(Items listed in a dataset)

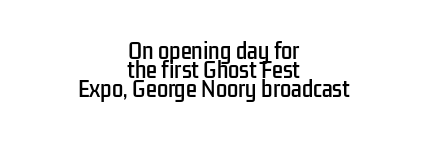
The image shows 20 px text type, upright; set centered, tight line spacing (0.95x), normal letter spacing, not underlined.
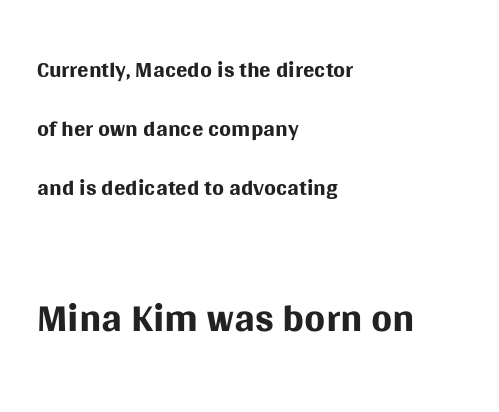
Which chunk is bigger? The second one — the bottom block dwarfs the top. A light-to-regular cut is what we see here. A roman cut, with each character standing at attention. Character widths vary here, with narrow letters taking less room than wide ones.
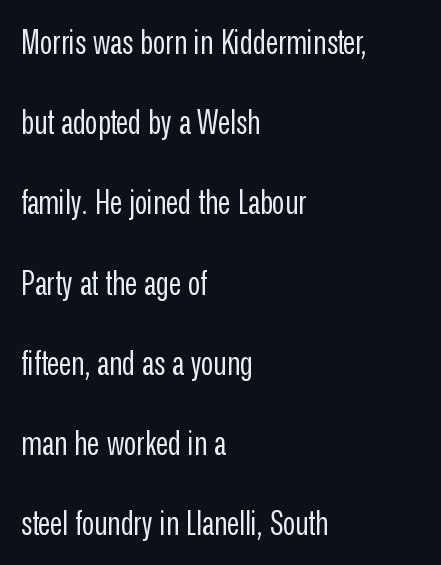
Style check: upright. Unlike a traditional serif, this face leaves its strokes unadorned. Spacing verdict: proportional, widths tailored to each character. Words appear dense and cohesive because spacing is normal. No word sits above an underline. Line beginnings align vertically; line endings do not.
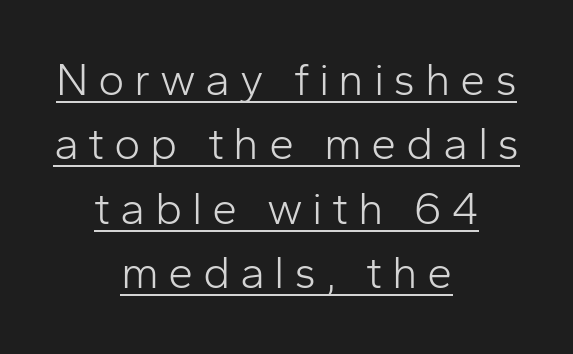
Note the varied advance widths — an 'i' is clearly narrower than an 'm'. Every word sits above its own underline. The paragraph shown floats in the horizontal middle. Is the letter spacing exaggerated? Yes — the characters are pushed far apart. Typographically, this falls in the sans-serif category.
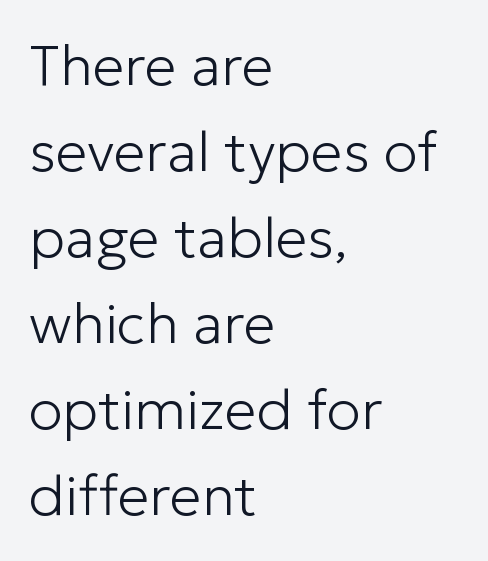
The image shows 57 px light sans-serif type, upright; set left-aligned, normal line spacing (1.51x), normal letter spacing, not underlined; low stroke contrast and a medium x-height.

→ Exercise aim
The lines above should be transcribed exactly, with every image removed.

→ Task solution
The image shows 20 px text type, upright; set centered, tight line spacing (0.95x), normal letter spacing, not underlined.
Which chunk is bigger? The second one — the bottom block dwarfs the top. A light-to-regular cut is what we see here. A roman cut, with each character standing at attention. Character widths vary here, with narrow letters taking less room than wide ones.
Style check: upright. Unlike a traditional serif, this face leaves its strokes unadorned. Spacing verdict: proportional, widths tailored to each character. Words appear dense and cohesive because spacing is normal. No word sits above an underline. Line beginnings align vertically; line endings do not.
Note the varied advance widths — an 'i' is clearly narrower than an 'm'. Every word sits above its own underline. The paragraph shown floats in the horizontal middle. Is the letter spacing exaggerated? Yes — the characters are pushed far apart. Typographically, this falls in the sans-serif category.
The image shows 57 px light sans-serif type, upright; set left-aligned, normal line spacing (1.51x), normal letter spacing, not underlined; low stroke contrast and a medium x-height.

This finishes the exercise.